Well, China is going to go ahead an cut the average tariff rate on most of its trading partners, in a bid to boost imports and ensure consumer prices don’t rise amid the trade war with the U.S.
He didn’t elaborate, but Premier Li Keqiang reiterated China’s commitment to opening up its economy and the apparently broad-based tariff cuts will come as soon as next month, according to the ubiquitous “people familiar with the matter”.
The country’s MFN average tariff rate currently sits at 9.8%. In December, China cut import taxes on consumer goods and followed up on that in April with the announcement of new measures aimed at opening up the financial sector. Similar cuts to consumer good taxes were announced in May and implemented in July.
Again, this comes just as Beijing is set to slap differentiated duties on $60 billion in U.S. goods starting next week in retaliation for Trump’s decision to move ahead with tariffs on another $200 billion in Chinese imports.
Li also tipped tax cuts and a simplified individual income tax regime. He cited tax revenue that’s risen faster than economic growth over the past year.
Li’s comments came at the World Economic Forum in Tianjin.
On Tuesday, Li promised China wouldn’t weaponize the yuan (too late!) in the increasingly contentious trade spat with the U.S.

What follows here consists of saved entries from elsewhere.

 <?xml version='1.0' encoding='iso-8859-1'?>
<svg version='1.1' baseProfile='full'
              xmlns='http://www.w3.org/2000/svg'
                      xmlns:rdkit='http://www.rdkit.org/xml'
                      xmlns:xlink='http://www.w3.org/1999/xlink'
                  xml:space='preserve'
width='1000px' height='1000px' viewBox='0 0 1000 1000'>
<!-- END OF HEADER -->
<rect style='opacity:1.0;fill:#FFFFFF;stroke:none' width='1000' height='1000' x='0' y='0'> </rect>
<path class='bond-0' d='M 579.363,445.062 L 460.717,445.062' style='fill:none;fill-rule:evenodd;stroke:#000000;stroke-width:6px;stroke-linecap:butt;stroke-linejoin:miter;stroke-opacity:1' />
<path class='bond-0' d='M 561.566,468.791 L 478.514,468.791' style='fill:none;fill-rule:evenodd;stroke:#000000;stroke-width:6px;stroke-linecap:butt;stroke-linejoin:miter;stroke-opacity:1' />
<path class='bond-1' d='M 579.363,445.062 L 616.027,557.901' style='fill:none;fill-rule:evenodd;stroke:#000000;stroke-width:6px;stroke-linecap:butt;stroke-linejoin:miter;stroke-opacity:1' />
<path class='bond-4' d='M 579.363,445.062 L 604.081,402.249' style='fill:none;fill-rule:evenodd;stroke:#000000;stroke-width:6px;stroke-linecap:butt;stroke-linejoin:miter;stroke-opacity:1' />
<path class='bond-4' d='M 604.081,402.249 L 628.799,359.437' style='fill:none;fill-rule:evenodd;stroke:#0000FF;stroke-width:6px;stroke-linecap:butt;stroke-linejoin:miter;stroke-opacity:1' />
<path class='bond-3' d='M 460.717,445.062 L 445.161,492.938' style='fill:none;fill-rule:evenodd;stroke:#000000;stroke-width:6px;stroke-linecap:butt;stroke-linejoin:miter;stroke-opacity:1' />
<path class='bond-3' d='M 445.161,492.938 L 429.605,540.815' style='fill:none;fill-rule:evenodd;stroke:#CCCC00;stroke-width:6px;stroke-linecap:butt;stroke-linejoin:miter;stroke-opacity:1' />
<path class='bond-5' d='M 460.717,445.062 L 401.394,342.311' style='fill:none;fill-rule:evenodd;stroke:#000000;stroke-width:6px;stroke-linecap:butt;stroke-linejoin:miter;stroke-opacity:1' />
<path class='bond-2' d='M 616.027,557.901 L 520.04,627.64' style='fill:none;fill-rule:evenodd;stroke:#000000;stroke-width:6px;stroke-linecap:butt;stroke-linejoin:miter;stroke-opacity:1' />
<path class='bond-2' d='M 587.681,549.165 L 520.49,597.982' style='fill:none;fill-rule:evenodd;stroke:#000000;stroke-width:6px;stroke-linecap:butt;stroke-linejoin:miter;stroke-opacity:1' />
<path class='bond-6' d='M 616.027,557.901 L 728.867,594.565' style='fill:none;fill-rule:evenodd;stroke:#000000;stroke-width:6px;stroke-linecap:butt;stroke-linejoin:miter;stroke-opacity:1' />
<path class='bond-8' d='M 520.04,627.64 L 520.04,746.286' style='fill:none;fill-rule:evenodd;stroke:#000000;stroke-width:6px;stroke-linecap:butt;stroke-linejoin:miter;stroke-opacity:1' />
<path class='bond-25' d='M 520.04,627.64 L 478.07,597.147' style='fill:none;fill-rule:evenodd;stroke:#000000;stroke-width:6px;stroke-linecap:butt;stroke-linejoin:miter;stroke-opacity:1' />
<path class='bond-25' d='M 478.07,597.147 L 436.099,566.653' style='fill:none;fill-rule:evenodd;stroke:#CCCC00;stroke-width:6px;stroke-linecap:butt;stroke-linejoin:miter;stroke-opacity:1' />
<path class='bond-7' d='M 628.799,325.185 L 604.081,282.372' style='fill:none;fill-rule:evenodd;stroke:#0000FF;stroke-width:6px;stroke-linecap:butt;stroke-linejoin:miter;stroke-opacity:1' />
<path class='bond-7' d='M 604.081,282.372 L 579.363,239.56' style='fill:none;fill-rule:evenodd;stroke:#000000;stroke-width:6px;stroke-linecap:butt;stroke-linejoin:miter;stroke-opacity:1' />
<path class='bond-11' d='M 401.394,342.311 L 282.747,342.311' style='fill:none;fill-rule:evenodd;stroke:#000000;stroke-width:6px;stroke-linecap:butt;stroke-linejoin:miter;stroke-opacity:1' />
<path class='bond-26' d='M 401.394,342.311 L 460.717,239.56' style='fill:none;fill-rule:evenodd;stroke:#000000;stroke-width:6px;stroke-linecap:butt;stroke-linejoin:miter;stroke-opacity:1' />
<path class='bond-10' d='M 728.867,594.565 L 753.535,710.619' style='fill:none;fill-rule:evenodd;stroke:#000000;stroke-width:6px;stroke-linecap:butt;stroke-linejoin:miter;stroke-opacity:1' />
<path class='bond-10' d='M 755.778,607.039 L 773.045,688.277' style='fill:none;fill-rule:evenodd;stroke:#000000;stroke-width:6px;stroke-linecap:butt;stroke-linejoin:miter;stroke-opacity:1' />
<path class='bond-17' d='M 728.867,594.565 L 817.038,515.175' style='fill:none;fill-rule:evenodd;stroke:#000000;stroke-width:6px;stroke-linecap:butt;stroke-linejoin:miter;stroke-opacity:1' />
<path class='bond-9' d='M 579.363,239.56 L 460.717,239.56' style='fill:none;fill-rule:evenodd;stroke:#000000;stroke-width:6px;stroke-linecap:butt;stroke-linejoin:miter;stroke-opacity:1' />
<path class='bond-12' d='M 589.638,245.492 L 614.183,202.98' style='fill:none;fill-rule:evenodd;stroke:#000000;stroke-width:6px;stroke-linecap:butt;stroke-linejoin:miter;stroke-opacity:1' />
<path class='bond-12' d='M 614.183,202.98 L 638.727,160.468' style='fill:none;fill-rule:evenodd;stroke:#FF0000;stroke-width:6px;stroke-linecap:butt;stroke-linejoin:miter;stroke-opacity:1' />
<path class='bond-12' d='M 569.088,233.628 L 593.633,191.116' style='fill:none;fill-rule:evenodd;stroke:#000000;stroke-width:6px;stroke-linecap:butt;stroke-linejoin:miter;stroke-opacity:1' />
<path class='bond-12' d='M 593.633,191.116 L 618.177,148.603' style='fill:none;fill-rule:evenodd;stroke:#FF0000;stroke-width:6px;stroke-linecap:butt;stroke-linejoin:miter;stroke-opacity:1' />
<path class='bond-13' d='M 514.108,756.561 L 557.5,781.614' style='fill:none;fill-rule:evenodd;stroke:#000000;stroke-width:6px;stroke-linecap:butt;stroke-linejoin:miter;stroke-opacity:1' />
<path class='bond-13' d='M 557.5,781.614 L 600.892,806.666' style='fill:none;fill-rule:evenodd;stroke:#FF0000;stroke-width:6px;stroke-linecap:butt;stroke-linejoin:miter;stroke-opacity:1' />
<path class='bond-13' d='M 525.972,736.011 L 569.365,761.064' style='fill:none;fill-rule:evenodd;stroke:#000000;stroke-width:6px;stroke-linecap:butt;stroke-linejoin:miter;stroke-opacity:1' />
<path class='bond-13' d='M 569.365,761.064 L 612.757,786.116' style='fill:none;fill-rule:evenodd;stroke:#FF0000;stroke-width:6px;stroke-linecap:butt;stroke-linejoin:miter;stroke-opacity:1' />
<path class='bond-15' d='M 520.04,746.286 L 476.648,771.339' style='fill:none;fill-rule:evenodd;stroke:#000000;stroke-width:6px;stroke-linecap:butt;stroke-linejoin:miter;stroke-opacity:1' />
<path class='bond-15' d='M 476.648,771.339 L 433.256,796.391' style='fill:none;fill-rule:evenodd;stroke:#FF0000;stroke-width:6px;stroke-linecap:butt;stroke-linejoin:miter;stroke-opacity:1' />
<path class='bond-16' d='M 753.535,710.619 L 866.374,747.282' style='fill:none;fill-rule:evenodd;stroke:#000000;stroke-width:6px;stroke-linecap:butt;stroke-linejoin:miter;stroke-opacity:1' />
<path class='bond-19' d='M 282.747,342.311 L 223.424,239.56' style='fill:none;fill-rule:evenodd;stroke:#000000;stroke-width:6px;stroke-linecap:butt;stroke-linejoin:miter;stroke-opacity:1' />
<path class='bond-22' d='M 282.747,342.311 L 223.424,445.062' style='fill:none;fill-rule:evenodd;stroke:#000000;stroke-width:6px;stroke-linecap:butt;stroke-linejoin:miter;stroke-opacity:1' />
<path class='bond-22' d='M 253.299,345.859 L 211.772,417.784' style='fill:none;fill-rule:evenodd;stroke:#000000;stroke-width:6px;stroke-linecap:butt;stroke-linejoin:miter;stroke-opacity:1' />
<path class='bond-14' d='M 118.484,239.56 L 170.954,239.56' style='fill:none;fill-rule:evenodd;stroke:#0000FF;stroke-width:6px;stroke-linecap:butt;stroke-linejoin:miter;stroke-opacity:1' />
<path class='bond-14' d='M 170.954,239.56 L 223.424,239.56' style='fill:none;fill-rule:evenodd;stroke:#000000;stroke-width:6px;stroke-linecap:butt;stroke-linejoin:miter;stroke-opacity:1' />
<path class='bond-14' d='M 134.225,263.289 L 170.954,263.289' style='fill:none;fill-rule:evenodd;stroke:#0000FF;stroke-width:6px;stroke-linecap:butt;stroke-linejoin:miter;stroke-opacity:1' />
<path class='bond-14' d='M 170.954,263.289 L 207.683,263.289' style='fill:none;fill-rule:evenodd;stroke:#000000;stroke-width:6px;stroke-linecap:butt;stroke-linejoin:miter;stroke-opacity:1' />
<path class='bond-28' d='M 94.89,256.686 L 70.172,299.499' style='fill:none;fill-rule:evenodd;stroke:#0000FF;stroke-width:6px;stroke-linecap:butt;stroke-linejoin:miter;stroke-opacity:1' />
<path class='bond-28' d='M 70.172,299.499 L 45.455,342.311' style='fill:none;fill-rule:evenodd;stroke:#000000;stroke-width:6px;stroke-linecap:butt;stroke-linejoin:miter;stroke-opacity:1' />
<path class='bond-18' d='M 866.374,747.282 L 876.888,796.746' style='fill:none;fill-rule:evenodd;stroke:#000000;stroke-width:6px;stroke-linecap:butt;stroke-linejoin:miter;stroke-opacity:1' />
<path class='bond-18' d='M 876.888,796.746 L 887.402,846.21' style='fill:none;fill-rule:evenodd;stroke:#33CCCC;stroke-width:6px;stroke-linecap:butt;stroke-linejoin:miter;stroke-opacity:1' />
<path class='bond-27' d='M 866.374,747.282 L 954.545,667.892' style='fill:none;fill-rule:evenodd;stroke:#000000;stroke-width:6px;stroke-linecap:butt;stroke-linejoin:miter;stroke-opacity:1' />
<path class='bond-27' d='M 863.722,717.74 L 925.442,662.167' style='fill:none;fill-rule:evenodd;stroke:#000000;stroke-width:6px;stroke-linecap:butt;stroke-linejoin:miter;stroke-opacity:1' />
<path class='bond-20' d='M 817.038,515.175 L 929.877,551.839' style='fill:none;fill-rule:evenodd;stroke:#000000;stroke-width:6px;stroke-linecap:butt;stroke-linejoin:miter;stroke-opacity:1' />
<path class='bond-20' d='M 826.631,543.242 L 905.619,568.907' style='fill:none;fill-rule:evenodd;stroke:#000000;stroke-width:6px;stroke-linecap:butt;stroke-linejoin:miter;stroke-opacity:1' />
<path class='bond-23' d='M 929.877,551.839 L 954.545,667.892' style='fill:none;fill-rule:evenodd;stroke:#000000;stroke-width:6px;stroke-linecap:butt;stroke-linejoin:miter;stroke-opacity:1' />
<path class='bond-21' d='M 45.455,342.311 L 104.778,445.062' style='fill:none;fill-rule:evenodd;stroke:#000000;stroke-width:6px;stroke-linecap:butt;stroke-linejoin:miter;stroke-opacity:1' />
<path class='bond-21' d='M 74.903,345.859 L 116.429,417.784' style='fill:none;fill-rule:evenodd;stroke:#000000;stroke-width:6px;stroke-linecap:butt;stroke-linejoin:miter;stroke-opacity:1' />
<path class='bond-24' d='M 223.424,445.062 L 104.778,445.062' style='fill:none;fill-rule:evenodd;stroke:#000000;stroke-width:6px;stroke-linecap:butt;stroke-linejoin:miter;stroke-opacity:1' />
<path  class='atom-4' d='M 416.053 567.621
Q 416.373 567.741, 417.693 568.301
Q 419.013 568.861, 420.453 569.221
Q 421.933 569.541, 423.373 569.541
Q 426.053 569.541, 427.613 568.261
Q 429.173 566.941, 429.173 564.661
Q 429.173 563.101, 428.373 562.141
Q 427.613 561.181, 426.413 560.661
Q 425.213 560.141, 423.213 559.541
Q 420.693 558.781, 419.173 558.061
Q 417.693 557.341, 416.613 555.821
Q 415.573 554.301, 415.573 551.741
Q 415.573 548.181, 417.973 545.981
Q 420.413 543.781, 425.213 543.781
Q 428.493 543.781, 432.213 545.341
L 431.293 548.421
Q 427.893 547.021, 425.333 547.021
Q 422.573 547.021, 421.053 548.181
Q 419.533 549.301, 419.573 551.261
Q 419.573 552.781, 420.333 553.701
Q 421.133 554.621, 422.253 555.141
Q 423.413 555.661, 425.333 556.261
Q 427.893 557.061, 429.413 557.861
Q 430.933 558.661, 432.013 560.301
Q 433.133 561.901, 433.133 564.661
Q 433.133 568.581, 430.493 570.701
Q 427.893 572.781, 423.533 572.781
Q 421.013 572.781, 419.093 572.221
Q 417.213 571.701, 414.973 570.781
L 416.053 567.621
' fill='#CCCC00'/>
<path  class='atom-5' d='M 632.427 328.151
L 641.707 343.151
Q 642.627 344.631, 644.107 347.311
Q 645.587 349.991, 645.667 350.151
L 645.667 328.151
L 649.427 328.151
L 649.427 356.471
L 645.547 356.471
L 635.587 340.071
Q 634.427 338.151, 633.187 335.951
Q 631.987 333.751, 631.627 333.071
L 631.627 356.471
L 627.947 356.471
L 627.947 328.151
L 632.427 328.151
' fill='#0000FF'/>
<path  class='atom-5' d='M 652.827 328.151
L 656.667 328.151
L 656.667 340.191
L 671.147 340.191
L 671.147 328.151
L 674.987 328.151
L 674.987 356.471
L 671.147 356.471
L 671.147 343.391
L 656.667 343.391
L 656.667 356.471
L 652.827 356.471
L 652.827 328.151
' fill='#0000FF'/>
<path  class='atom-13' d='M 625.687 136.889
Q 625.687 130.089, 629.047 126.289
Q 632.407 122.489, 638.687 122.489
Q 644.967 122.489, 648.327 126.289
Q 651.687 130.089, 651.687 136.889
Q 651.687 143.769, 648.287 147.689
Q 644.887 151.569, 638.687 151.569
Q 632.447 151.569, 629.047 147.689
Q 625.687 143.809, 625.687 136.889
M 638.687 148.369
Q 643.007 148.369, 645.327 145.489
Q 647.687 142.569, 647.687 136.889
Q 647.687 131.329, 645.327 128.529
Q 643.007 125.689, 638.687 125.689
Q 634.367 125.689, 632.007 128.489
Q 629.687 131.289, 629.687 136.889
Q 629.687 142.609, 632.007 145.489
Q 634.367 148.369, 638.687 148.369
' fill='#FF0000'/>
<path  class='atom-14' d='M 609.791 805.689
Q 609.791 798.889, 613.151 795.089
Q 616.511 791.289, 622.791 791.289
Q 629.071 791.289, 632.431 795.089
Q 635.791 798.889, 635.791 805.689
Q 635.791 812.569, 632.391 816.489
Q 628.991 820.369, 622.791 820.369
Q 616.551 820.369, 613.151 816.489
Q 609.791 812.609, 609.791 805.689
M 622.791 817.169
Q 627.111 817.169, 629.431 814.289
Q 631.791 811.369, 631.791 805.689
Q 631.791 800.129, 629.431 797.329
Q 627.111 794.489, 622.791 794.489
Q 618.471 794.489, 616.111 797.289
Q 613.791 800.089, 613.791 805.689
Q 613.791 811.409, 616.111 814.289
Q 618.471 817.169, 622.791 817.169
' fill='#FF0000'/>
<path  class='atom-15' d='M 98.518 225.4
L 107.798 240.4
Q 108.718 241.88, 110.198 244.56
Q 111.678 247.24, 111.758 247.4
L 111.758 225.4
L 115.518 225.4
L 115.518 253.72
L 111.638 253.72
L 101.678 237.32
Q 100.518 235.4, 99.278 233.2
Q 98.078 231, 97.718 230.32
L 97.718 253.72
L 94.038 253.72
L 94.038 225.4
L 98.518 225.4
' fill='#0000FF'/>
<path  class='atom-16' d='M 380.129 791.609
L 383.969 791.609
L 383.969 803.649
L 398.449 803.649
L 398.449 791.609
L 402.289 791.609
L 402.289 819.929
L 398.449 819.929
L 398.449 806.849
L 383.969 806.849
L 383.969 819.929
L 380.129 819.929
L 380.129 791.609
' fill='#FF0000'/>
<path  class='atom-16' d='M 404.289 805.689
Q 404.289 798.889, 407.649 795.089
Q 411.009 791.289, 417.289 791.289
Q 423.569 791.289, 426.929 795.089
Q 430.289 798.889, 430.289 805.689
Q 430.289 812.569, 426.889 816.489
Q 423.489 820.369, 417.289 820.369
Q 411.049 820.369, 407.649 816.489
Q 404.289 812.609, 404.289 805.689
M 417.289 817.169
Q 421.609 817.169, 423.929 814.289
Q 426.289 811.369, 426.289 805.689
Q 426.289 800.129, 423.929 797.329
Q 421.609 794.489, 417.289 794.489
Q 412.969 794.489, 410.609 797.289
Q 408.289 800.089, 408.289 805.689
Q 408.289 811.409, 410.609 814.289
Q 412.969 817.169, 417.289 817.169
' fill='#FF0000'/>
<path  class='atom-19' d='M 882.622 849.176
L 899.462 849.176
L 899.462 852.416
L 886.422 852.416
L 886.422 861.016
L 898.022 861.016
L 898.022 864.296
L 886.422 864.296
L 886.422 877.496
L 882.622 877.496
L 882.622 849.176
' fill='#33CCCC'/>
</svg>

Wednesday’s pledge to lower tariffs on the majority of the country’s trading partners certainly looks like a move designed to make Beijing look like the rational actor and thereby paint the Trump administration as the antagonist that it most assuredly is.
In other words, China is trying to manage the optics while simultaneously reassuring the Chinese people that Beijing will not allow the trade spat with the U.S. to result in a severe economic downturn or otherwise undercut the domestic economy.
Bloomberg economist Chang Shu calls the move “clever”.